A retrospective, single-center study was conducted at a European stroke center, including 495 NCCT scans from 425 patients who underwent endovascular stroke treatment between 08/2021 and 06/2024. A CE-marked AI software based on convolutional neural networks (CNN) analyzed the scans independently. The reference standard was assessments of two board-certified neuroradiologists, and AI results were compared with routine radiological reports. Sensitivity, specificity, positive predictive value (PPV), and negative predictive value (NPV) were calculated, and inter-rater reliability was assessed using Cohen’s kappa.

Results

The reference standard identified hemorrhages in 197 NCCT scans.
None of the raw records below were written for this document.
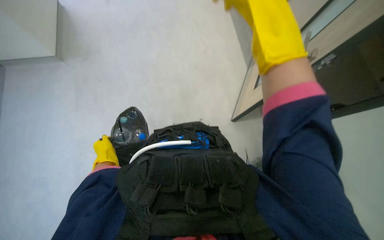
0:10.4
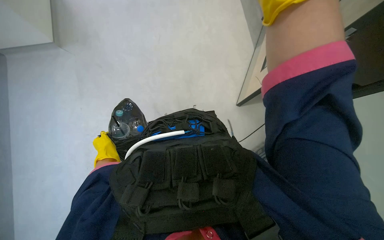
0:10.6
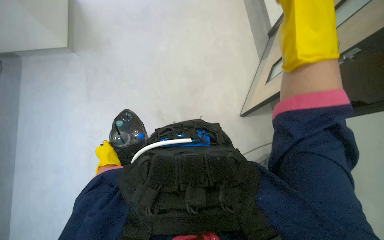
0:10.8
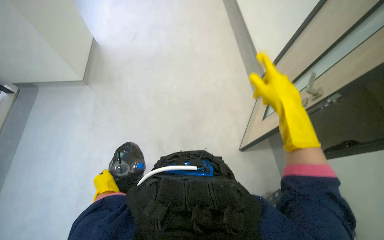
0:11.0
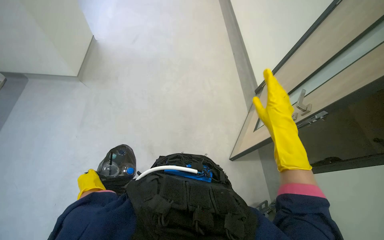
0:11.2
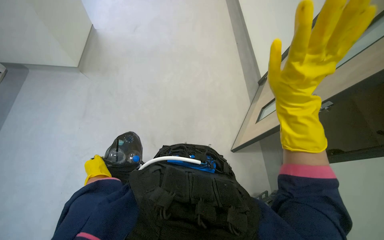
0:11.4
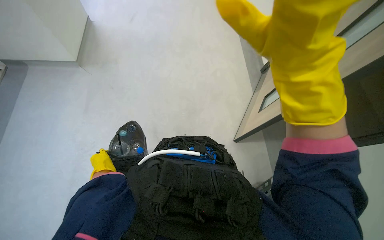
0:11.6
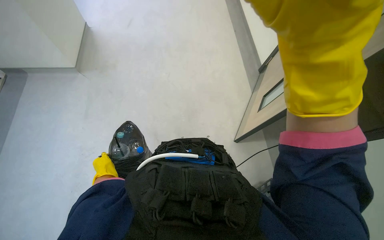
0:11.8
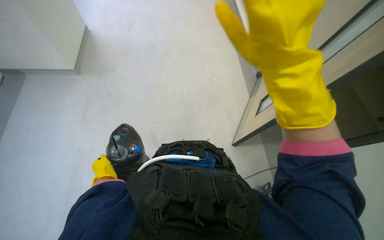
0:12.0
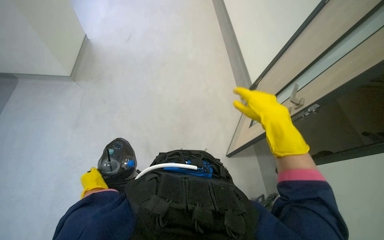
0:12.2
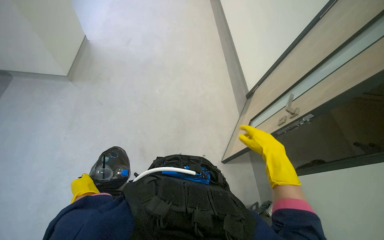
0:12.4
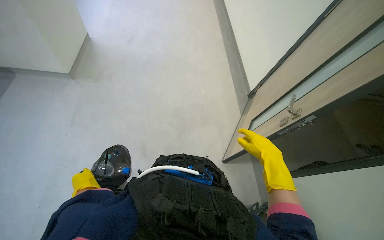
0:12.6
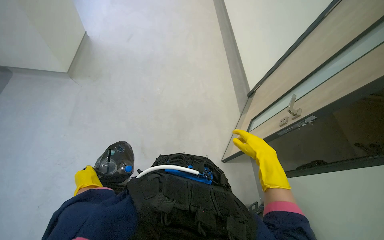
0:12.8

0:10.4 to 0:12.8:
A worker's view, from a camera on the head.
Job: managing trash.
The whole recording: Collecting trash from bins. The worker collects trash from bins and places it into a large trash bag on the cart.
0:11.6 to 0:12.8: The right hand is displaced farther from the camera and down the picture by approximately 20 cm.

The AI system showed sensitivity of 95.9%, specificity of 84.6%, PPV of 80.4%, and NPV of 96.9%. Radiological reports had sensitivity of 91.9%, specificity of 96.3%, PPV of 94.3%, and NPV of 94.7%. Cohen’s kappa was higher for radiological reports (0.886) than AI (0.780), indicating stronger agreement with the reference standard. AI had a higher false-positive rate (15.4%) than radiological reports (3.7%).

Conclusions

AI demonstrated high sensitivity for detecting intracranial hemorrhages but had a higher false-positive rate compared to routine radiological assessment. While AI can aid clinical decision-making, radiologists show superior overall diagnostic accuracy. Further research is needed to explore the impact of AI-assisted decision-making on stroke management and secondary prevention.